There is no doubt that the absorption of immigrants across Scandinavia has posed a problem in a part of the world that had long been able to protect its citizens from the vicissitudes of the global economy due to the size of their respective states’ economic footprint. But with the recent phenomenon that has seen both mainstream left and right wing political currents moving to contest the centre ground across Europe – in the UK exemplified by the convergence of New Labour and Conservative policies around welfare reform, crime, and the economy – space has opened up on the far right and left, with the far right proving more successful in filling the resulting vacuum.

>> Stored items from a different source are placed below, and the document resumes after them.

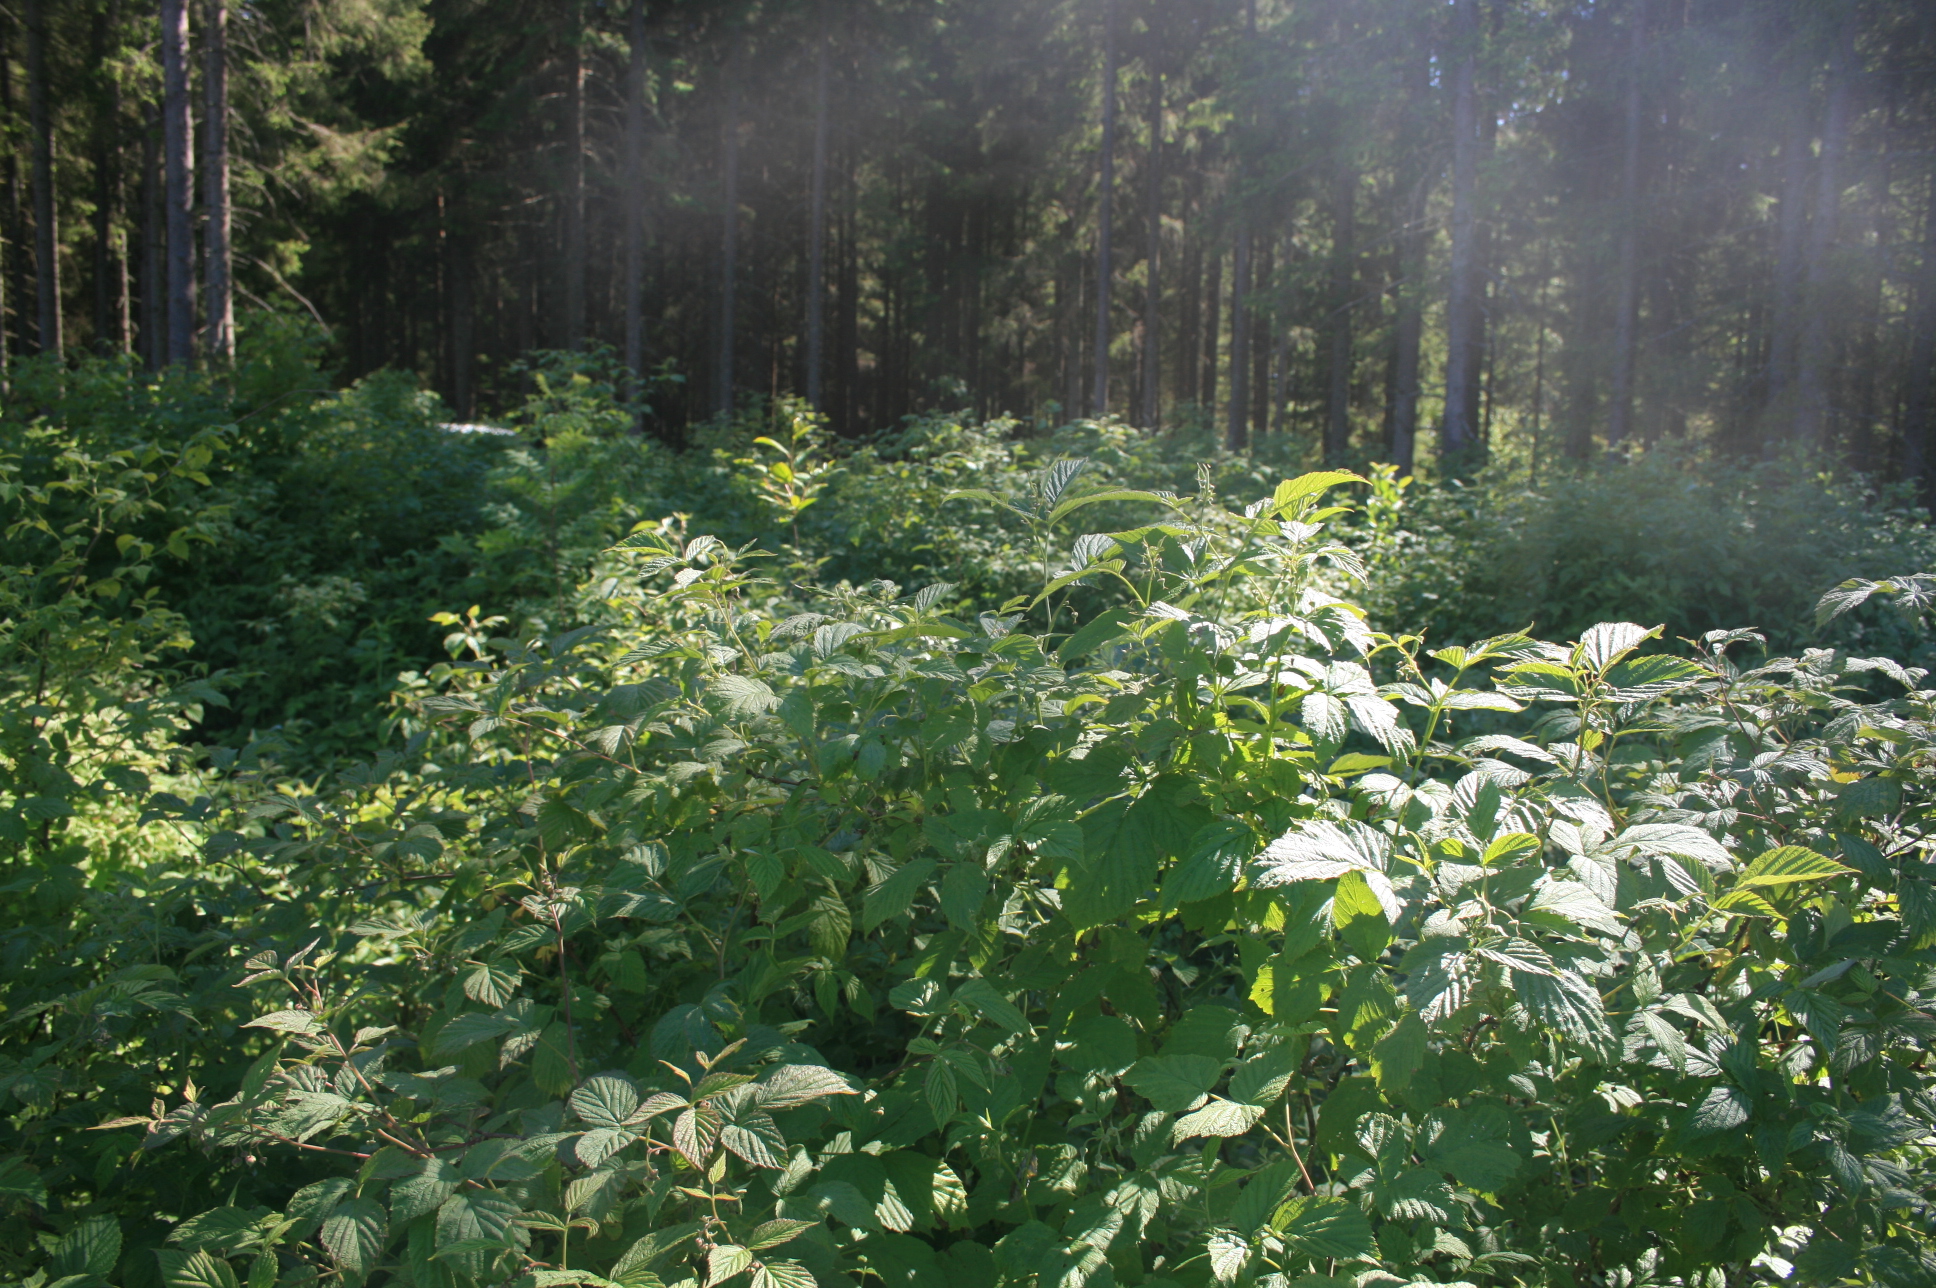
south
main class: Shrubland
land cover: Shrubland with sparse tree cover
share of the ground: > 75 %
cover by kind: shrubs 80 %, herbaceous plants 15 %, broadleaved forest trees 5 %
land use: Forestry
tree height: < 5 m
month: June
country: LT
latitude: 55.8152
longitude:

Multiculturalism is the only progressive adaptation to the transformation of western societies by the process of mass immigration that began after the Second World War. But as has been shown with the rise of the far right, the concept is prisoner to the consequences of the West’s continued determination to maintain a balance of power globally which reinforces the view of the peoples of the developing world as belonging to lower civilisations and cultures than our own.

Whenever the mainstream political discourse begins from the standpoint that immigration, asylum seekers and Islam constitute a threat to society, the far right gains traction. Multiculturalism, the concept that all cultures should and can exist in equality and harmony, has come under attack by those who support the wars waged throughout the developing world to maintain a global status quo that is as barbaric as it is unjust.

The onset of the Arab Spring throughout a region of the world where the masses had been politically infantilised for so long with the connivance of the West offers hope that the baneful influence of imperialism and colonialism in the region can and will be weakened at long last.

Meanwhile, back at home, Melanie Phillips and her ilk have much to answer for.